The molecular analysis of low temperature and freezing stress resistance

抗低温和冷冻胁迫的分子分析

• 批准号: 3394-2012
• 负责人: Walker, Virginia
• 金额: $ 3.86万
• 依托单位: Queen's University
• 依托单位国家: 加拿大
• 项目类别: Discovery Grants Program - Individual
• 财政年份: 2016
• 资助国家: 加拿大
• 起止时间: 2016-01-01 至 2017-12-31
• 项目状态: 已结题
• 来源: https://www.nserc-crsng.gc.ca/ase-oro/Details-Detailles_eng.asp?id=592744
• 关键词: molecular; analysis; low; temperature; freezing

Some fish and insects are protected from freezing by making ice-binding proteins that stick to embryonic ice crystals and prevent ice growth by blocking the addition of more water molecules. Thus, these proteins significantly lower the freezing temperature. However, ice-binding proteins are also found, but little known, in a few organisms such as plants, insects and bacteria that survive even if they are frozen. This proposal first seeks to test if ice-binding proteins are vital for survival, something that has never been done before. Further investigations will determine if the proteins in freeze-tolerant organisms defend against low-temperature pathogens, and if they can help protect host cell membranes at low temperatures. The special properties of these proteins from freeze-tolerant organisms, including (somewhat ironically) their inability to significantly depress the freezing point, makes them especially useful for understanding the mechanisms of ice binding. This is something that cannot be done so easily with the better known, more active proteins from species that do not freeze. Canada's geography and food security demands that in the future, crops will have to be grown further north and so the transfer of freeze-tolerance will have economic benefits. As well, these proteins have medical applications for tissue cryopreservation. Our discovery that ice-binding proteins inhibit dangerous gas hydrates that spontaneously form during gas and oil exploration and transport (with disastrous consequences) means that in the future, the rational design of materials based on these proteins will directly benefit the health and safety of many Canadians. This research program on the molecular analysis of low temperature and freezing stress resistance has been specifically designed for instruction of students and will appeal to young trainees who want to address problems that they see as relevant and compelling.

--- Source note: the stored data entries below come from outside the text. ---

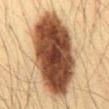Image and clinical context:
A 15 mm close-up extracted from a 3D total-body photography capture. The lesion is on the abdomen. A male subject, approximately 35 years of age.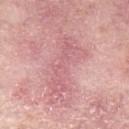workup — no biopsy performed (imaged during a skin exam)
automated lesion analysis — border irregularity of about 7.5 on a 0–10 scale, a within-lesion color-variation index near 2.5/10, and a peripheral color-asymmetry measure near 0.5; an automated nevus-likeness rating near 0 out of 100 and lesion-presence confidence of about 55/100
illumination — white-light illumination
body site — the left upper arm
image — ~15 mm crop, total-body skin-cancer survey
patient — female, aged 68–72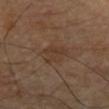Recorded during total-body skin imaging; not selected for excision or biopsy.
The lesion is on the left upper arm.
This image is a 15 mm lesion crop taken from a total-body photograph.
Captured under cross-polarized illumination.
A male subject approximately 60 years of age.
The recorded lesion diameter is about 4 mm.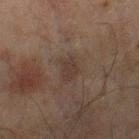Captured during whole-body skin photography for melanoma surveillance; the lesion was not biopsied. A male subject approximately 45 years of age. On the right lower leg. A region of skin cropped from a whole-body photographic capture, roughly 15 mm wide.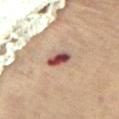This lesion was catalogued during total-body skin photography and was not selected for biopsy. The recorded lesion diameter is about 3.5 mm. Automated tile analysis of the lesion measured a lesion area of about 5 mm², a shape eccentricity near 0.85, and a symmetry-axis asymmetry near 0.2. And it measured a mean CIELAB color near L≈43 a*≈21 b*≈22, about 16 CIELAB-L* units darker than the surrounding skin, and a normalized border contrast of about 12.5. The software also gave border irregularity of about 2 on a 0–10 scale, a within-lesion color-variation index near 6.5/10, and a peripheral color-asymmetry measure near 2. It also reported an automated nevus-likeness rating near 5 out of 100. The lesion is on the front of the torso. Imaged with cross-polarized lighting. The subject is a female aged 68 to 72. A region of skin cropped from a whole-body photographic capture, roughly 15 mm wide.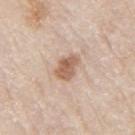{
  "biopsy_status": "not biopsied; imaged during a skin examination",
  "lighting": "white-light",
  "site": "right upper arm",
  "automated_metrics": {
    "cielab_L": 60,
    "cielab_a": 19,
    "cielab_b": 29,
    "vs_skin_darker_L": 12.0,
    "vs_skin_contrast_norm": 8.0,
    "nevus_likeness_0_100": 80
  },
  "image": {
    "source": "total-body photography crop",
    "field_of_view_mm": 15
  },
  "patient": {
    "sex": "male",
    "age_approx": 80
  },
  "lesion_size": {
    "long_diameter_mm_approx": 3.0
  }
}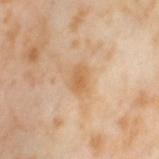Case summary:
• biopsy status — total-body-photography surveillance lesion; no biopsy
• subject — female, aged around 55
• illumination — cross-polarized
• body site — the leg
• lesion diameter — ~2.5 mm (longest diameter)
• image source — 15 mm crop, total-body photography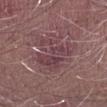Assessment: Imaged during a routine full-body skin examination; the lesion was not biopsied and no histopathology is available. Context: Located on the arm. This is a white-light tile. The lesion's longest dimension is about 7 mm. A 15 mm close-up tile from a total-body photography series done for melanoma screening. The subject is a male in their mid- to late 60s.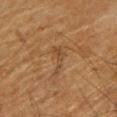Assessment:
Part of a total-body skin-imaging series; this lesion was reviewed on a skin check and was not flagged for biopsy.
Acquisition and patient details:
Located on the left lower leg. A 15 mm close-up extracted from a 3D total-body photography capture. A male subject, aged approximately 60.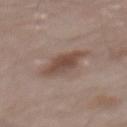biopsy_status: not biopsied; imaged during a skin examination
lighting: white-light
site: mid back
lesion_size:
  long_diameter_mm_approx: 5.0
patient:
  sex: male
  age_approx: 55
automated_metrics:
  area_mm2_approx: 10.0
  shape_asymmetry: 0.25
  cielab_L: 47
  cielab_a: 17
  cielab_b: 24
  vs_skin_darker_L: 10.0
  vs_skin_contrast_norm: 8.0
  nevus_likeness_0_100: 40
image:
  source: total-body photography crop
  field_of_view_mm: 15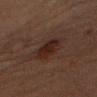Clinical impression: Recorded during total-body skin imaging; not selected for excision or biopsy. Clinical summary: A roughly 15 mm field-of-view crop from a total-body skin photograph. The lesion is located on the right upper arm. A male subject, approximately 60 years of age. The tile uses cross-polarized illumination. The lesion-visualizer software estimated an area of roughly 8.5 mm². The analysis additionally found an average lesion color of about L≈19 a*≈15 b*≈18 (CIELAB), about 6 CIELAB-L* units darker than the surrounding skin, and a lesion-to-skin contrast of about 8.5 (normalized; higher = more distinct). The analysis additionally found a border-irregularity rating of about 2/10, a within-lesion color-variation index near 3/10, and radial color variation of about 1. The analysis additionally found an automated nevus-likeness rating near 70 out of 100 and a lesion-detection confidence of about 100/100. Approximately 4 mm at its widest.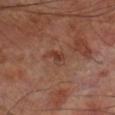This image is a 15 mm lesion crop taken from a total-body photograph.
The lesion is located on the leg.
A male subject aged 68 to 72.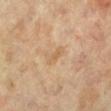biopsy_status: not biopsied; imaged during a skin examination
lesion_size:
  long_diameter_mm_approx: 3.0
image:
  source: total-body photography crop
  field_of_view_mm: 15
lighting: cross-polarized
site: right leg
patient:
  sex: female
  age_approx: 65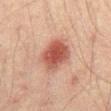{
  "biopsy_status": "not biopsied; imaged during a skin examination",
  "lesion_size": {
    "long_diameter_mm_approx": 4.5
  },
  "image": {
    "source": "total-body photography crop",
    "field_of_view_mm": 15
  },
  "lighting": "cross-polarized",
  "site": "abdomen",
  "patient": {
    "sex": "male",
    "age_approx": 45
  }
}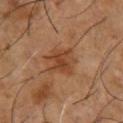Imaged during a routine full-body skin examination; the lesion was not biopsied and no histopathology is available. A male patient aged 53 to 57. The lesion-visualizer software estimated a footprint of about 8.5 mm². And it measured a lesion color around L≈42 a*≈22 b*≈33 in CIELAB and a normalized border contrast of about 7. The software also gave a lesion-detection confidence of about 100/100. A 15 mm crop from a total-body photograph taken for skin-cancer surveillance. On the front of the torso. Measured at roughly 3.5 mm in maximum diameter.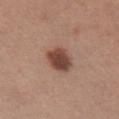  biopsy_status: not biopsied; imaged during a skin examination
  patient:
    sex: female
    age_approx: 55
  site: chest
  image:
    source: total-body photography crop
    field_of_view_mm: 15
  lighting: white-light
  lesion_size:
    long_diameter_mm_approx: 3.5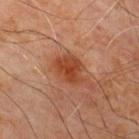| field | value |
|---|---|
| notes | catalogued during a skin exam; not biopsied |
| image | ~15 mm tile from a whole-body skin photo |
| body site | the chest |
| subject | male, approximately 70 years of age |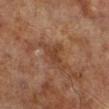The lesion was tiled from a total-body skin photograph and was not biopsied. Approximately 5 mm at its widest. The subject is a male approximately 70 years of age. This is a cross-polarized tile. A 15 mm close-up extracted from a 3D total-body photography capture. The lesion is on the leg.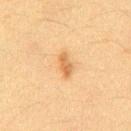<lesion>
  <site>abdomen</site>
  <patient>
    <sex>male</sex>
    <age_approx>35</age_approx>
  </patient>
  <image>
    <source>total-body photography crop</source>
    <field_of_view_mm>15</field_of_view_mm>
  </image>
</lesion>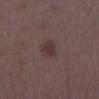workup: total-body-photography surveillance lesion; no biopsy | acquisition: ~15 mm tile from a whole-body skin photo | subject: female, approximately 35 years of age | body site: the right lower leg.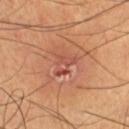Part of a total-body skin-imaging series; this lesion was reviewed on a skin check and was not flagged for biopsy.
Located on the left lower leg.
The lesion-visualizer software estimated a shape-asymmetry score of about 0.35 (0 = symmetric). The analysis additionally found internal color variation of about 4 on a 0–10 scale. It also reported an automated nevus-likeness rating near 0 out of 100 and a lesion-detection confidence of about 95/100.
Cropped from a total-body skin-imaging series; the visible field is about 15 mm.
Measured at roughly 3 mm in maximum diameter.
This is a cross-polarized tile.
A male patient aged 38 to 42.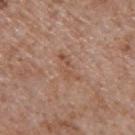{"biopsy_status": "not biopsied; imaged during a skin examination", "lighting": "white-light", "lesion_size": {"long_diameter_mm_approx": 3.5}, "patient": {"sex": "male", "age_approx": 65}, "image": {"source": "total-body photography crop", "field_of_view_mm": 15}, "automated_metrics": {"area_mm2_approx": 4.0, "eccentricity": 0.9, "shape_asymmetry": 0.45, "border_irregularity_0_10": 6.0, "color_variation_0_10": 1.5, "peripheral_color_asymmetry": 0.5, "nevus_likeness_0_100": 0, "lesion_detection_confidence_0_100": 100}, "site": "mid back"}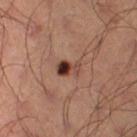Imaged during a routine full-body skin examination; the lesion was not biopsied and no histopathology is available.
The patient is a male roughly 50 years of age.
The total-body-photography lesion software estimated a footprint of about 5 mm², an outline eccentricity of about 0.8 (0 = round, 1 = elongated), and a symmetry-axis asymmetry near 0.2. The analysis additionally found an average lesion color of about L≈37 a*≈21 b*≈24 (CIELAB), a lesion–skin lightness drop of about 13, and a lesion-to-skin contrast of about 11 (normalized; higher = more distinct).
The lesion is on the right thigh.
The recorded lesion diameter is about 3 mm.
A region of skin cropped from a whole-body photographic capture, roughly 15 mm wide.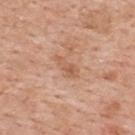{
  "biopsy_status": "not biopsied; imaged during a skin examination",
  "lighting": "white-light",
  "site": "upper back",
  "lesion_size": {
    "long_diameter_mm_approx": 3.5
  },
  "image": {
    "source": "total-body photography crop",
    "field_of_view_mm": 15
  },
  "automated_metrics": {
    "shape_asymmetry": 0.35,
    "nevus_likeness_0_100": 0
  },
  "patient": {
    "sex": "female",
    "age_approx": 40
  }
}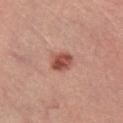site=the right lower leg
TBP lesion metrics=an average lesion color of about L≈46 a*≈25 b*≈27 (CIELAB) and roughly 12 lightness units darker than nearby skin; a border-irregularity index near 1.5/10, a within-lesion color-variation index near 4/10, and peripheral color asymmetry of about 1.5
tile lighting=cross-polarized
subject=male, aged 58 to 62
imaging modality=15 mm crop, total-body photography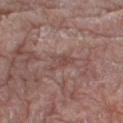The lesion was photographed on a routine skin check and not biopsied; there is no pathology result.
Imaged with white-light lighting.
A male subject, roughly 80 years of age.
A close-up tile cropped from a whole-body skin photograph, about 15 mm across.
Located on the leg.
Measured at roughly 3.5 mm in maximum diameter.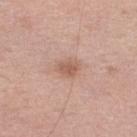Q: Is there a histopathology result?
A: imaged on a skin check; not biopsied
Q: What did automated image analysis measure?
A: a lesion area of about 5 mm², an eccentricity of roughly 0.65, and a shape-asymmetry score of about 0.2 (0 = symmetric); a nevus-likeness score of about 35/100
Q: Lesion location?
A: the right lower leg
Q: How large is the lesion?
A: about 3 mm
Q: Patient demographics?
A: male, aged approximately 50
Q: What lighting was used for the tile?
A: white-light
Q: What kind of image is this?
A: ~15 mm crop, total-body skin-cancer survey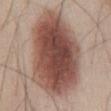A roughly 15 mm field-of-view crop from a total-body skin photograph.
A male patient, in their mid-40s.
The tile uses white-light illumination.
An algorithmic analysis of the crop reported a footprint of about 65 mm², an eccentricity of roughly 0.85, and a symmetry-axis asymmetry near 0.15. It also reported a lesion color around L≈49 a*≈20 b*≈24 in CIELAB. And it measured an automated nevus-likeness rating near 100 out of 100 and lesion-presence confidence of about 100/100.
The lesion's longest dimension is about 12 mm.
From the chest.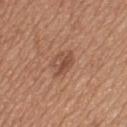follow-up: total-body-photography surveillance lesion; no biopsy | subject: male, approximately 65 years of age | lesion size: about 3.5 mm | lighting: white-light illumination | image source: 15 mm crop, total-body photography | site: the upper back.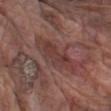Q: Is there a histopathology result?
A: imaged on a skin check; not biopsied
Q: Automated lesion metrics?
A: roughly 7 lightness units darker than nearby skin and a lesion-to-skin contrast of about 6 (normalized; higher = more distinct); a within-lesion color-variation index near 3.5/10 and peripheral color asymmetry of about 1
Q: Where on the body is the lesion?
A: the left upper arm
Q: What are the patient's age and sex?
A: male, approximately 75 years of age
Q: Illumination type?
A: white-light illumination
Q: What is the lesion's diameter?
A: ≈6 mm
Q: What kind of image is this?
A: total-body-photography crop, ~15 mm field of view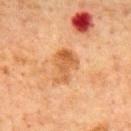Clinical impression: Recorded during total-body skin imaging; not selected for excision or biopsy. Acquisition and patient details: The lesion's longest dimension is about 4 mm. Cropped from a total-body skin-imaging series; the visible field is about 15 mm. A male patient aged approximately 65. Automated image analysis of the tile measured a shape-asymmetry score of about 0.4 (0 = symmetric). The software also gave a lesion color around L≈52 a*≈23 b*≈38 in CIELAB, about 9 CIELAB-L* units darker than the surrounding skin, and a normalized lesion–skin contrast near 7.5. The analysis additionally found internal color variation of about 4 on a 0–10 scale and peripheral color asymmetry of about 1.5. And it measured a nevus-likeness score of about 30/100 and a detector confidence of about 100 out of 100 that the crop contains a lesion. The lesion is located on the mid back.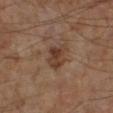The lesion was photographed on a routine skin check and not biopsied; there is no pathology result. On the left lower leg. The lesion's longest dimension is about 3.5 mm. A lesion tile, about 15 mm wide, cut from a 3D total-body photograph. Captured under cross-polarized illumination. A male subject, approximately 60 years of age. An algorithmic analysis of the crop reported an area of roughly 6.5 mm², an eccentricity of roughly 0.7, and a symmetry-axis asymmetry near 0.3. The analysis additionally found a lesion color around L≈37 a*≈17 b*≈26 in CIELAB, a lesion–skin lightness drop of about 9, and a lesion-to-skin contrast of about 8 (normalized; higher = more distinct).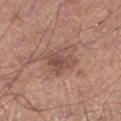• biopsy status — imaged on a skin check; not biopsied
• size — ≈5 mm
• patient — male, aged around 65
• image-analysis metrics — a footprint of about 12 mm² and an eccentricity of roughly 0.65; an average lesion color of about L≈50 a*≈20 b*≈25 (CIELAB), roughly 9 lightness units darker than nearby skin, and a normalized lesion–skin contrast near 6.5; a nevus-likeness score of about 5/100 and a lesion-detection confidence of about 100/100
• image — ~15 mm crop, total-body skin-cancer survey
• lighting — white-light illumination
• site — the left lower leg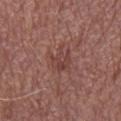Part of a total-body skin-imaging series; this lesion was reviewed on a skin check and was not flagged for biopsy. About 4 mm across. On the right lower leg. A male patient, aged approximately 75. Automated tile analysis of the lesion measured internal color variation of about 3 on a 0–10 scale and a peripheral color-asymmetry measure near 1. The software also gave an automated nevus-likeness rating near 0 out of 100 and lesion-presence confidence of about 100/100. A roughly 15 mm field-of-view crop from a total-body skin photograph.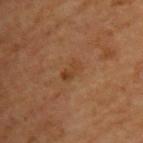image source — ~15 mm tile from a whole-body skin photo | size — about 3 mm | TBP lesion metrics — an average lesion color of about L≈40 a*≈21 b*≈34 (CIELAB), about 6 CIELAB-L* units darker than the surrounding skin, and a lesion-to-skin contrast of about 6 (normalized; higher = more distinct) | body site — the upper back | illumination — cross-polarized | subject — male, aged 63–67.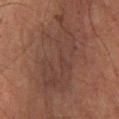This is a cross-polarized tile. Automated image analysis of the tile measured an area of roughly 28 mm², a shape eccentricity near 0.9, and a shape-asymmetry score of about 0.45 (0 = symmetric). And it measured radial color variation of about 1. It also reported a detector confidence of about 60 out of 100 that the crop contains a lesion. A close-up tile cropped from a whole-body skin photograph, about 15 mm across. The subject is a male aged approximately 65. On the right lower leg.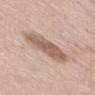Image and clinical context:
Longest diameter approximately 6.5 mm. From the mid back. A region of skin cropped from a whole-body photographic capture, roughly 15 mm wide. A male subject in their 80s. The total-body-photography lesion software estimated a footprint of about 13 mm² and a shape-asymmetry score of about 0.2 (0 = symmetric). It also reported border irregularity of about 3 on a 0–10 scale, a color-variation rating of about 3/10, and a peripheral color-asymmetry measure near 1. The analysis additionally found a classifier nevus-likeness of about 15/100.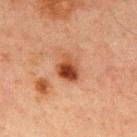| field | value |
|---|---|
| notes | imaged on a skin check; not biopsied |
| image | total-body-photography crop, ~15 mm field of view |
| body site | the chest |
| subject | male, aged approximately 65 |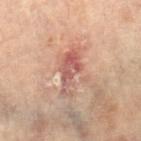notes = total-body-photography surveillance lesion; no biopsy.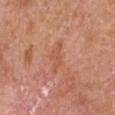<record>
<biopsy_status>not biopsied; imaged during a skin examination</biopsy_status>
<lighting>white-light</lighting>
<automated_metrics>
  <area_mm2_approx>5.0</area_mm2_approx>
  <shape_asymmetry>0.4</shape_asymmetry>
  <border_irregularity_0_10>5.5</border_irregularity_0_10>
  <peripheral_color_asymmetry>0.5</peripheral_color_asymmetry>
  <nevus_likeness_0_100>0</nevus_likeness_0_100>
</automated_metrics>
<patient>
  <sex>male</sex>
  <age_approx>65</age_approx>
</patient>
<image>
  <source>total-body photography crop</source>
  <field_of_view_mm>15</field_of_view_mm>
</image>
<site>chest</site>
</record>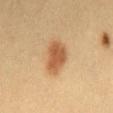<lesion>
<biopsy_status>not biopsied; imaged during a skin examination</biopsy_status>
<site>chest</site>
<patient>
  <sex>female</sex>
  <age_approx>30</age_approx>
</patient>
<lesion_size>
  <long_diameter_mm_approx>4.5</long_diameter_mm_approx>
</lesion_size>
<image>
  <source>total-body photography crop</source>
  <field_of_view_mm>15</field_of_view_mm>
</image>
<lighting>cross-polarized</lighting>
<automated_metrics>
  <nevus_likeness_0_100>100</nevus_likeness_0_100>
  <lesion_detection_confidence_0_100>100</lesion_detection_confidence_0_100>
</automated_metrics>
</lesion>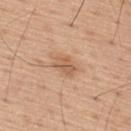The lesion was tiled from a total-body skin photograph and was not biopsied. Cropped from a whole-body photographic skin survey; the tile spans about 15 mm. Located on the upper back. A male subject, in their mid- to late 50s. Approximately 3 mm at its widest.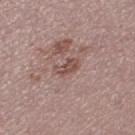Q: Was a biopsy performed?
A: no biopsy performed (imaged during a skin exam)
Q: What is the lesion's diameter?
A: ~3 mm (longest diameter)
Q: How was this image acquired?
A: 15 mm crop, total-body photography
Q: What did automated image analysis measure?
A: a lesion area of about 4 mm², an eccentricity of roughly 0.85, and a shape-asymmetry score of about 0.25 (0 = symmetric); border irregularity of about 2.5 on a 0–10 scale, internal color variation of about 2 on a 0–10 scale, and a peripheral color-asymmetry measure near 1; a nevus-likeness score of about 0/100
Q: Who is the patient?
A: female, aged 23–27
Q: How was the tile lit?
A: white-light illumination
Q: Where on the body is the lesion?
A: the left thigh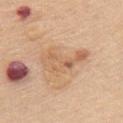  biopsy_status: not biopsied; imaged during a skin examination
  patient:
    sex: female
    age_approx: 65
  site: chest
  image:
    source: total-body photography crop
    field_of_view_mm: 15

一些鱼类和昆虫通过制造粘在胚胎冰晶上的冰结合蛋白来防止冻结，并通过阻止更多水分子的加入来阻止冰的生长。因此，这些蛋白质显著降低了冷冻温度。然而，在植物、昆虫和细菌等少数即使被冷冻也能存活的生物中，也发现了冰结合蛋白，但鲜为人知。这项提议首先试图测试冰结合蛋白是否对生存至关重要，这是以前从未做过的事情。进一步的研究将确定抗冻生物体中的蛋白质是否能抵御低温病原体，以及它们是否能在低温下帮助保护宿主细胞膜。这些来自抗冻生物体的蛋白质的特殊性质，包括（有点讽刺的是）它们不能显著降低冰点，使它们对理解冰结合机制特别有用。这对于那些更知名的、更活跃的、来自不会冻结的物种的蛋白质来说是不容易做到的。加拿大的地理位置和粮食安全要求，在未来，农作物将不得不种植在更北的地方，因此抗冻能力的转移将具有经济效益。同样，这些蛋白质在组织冷冻保存方面也有医学应用。我们发现冰结合蛋白抑制天然气和石油勘探和运输过程中自发形成的危险天然气水合物（造成灾难性后果），这意味着在未来，基于这些蛋白质的合理设计材料将直接有益于许多加拿大人的健康和安全。这个低温和抗冻应力分子分析的研究项目是专门为学生设计的，将吸引那些想要解决他们认为相关和引人注目的问题的年轻学员。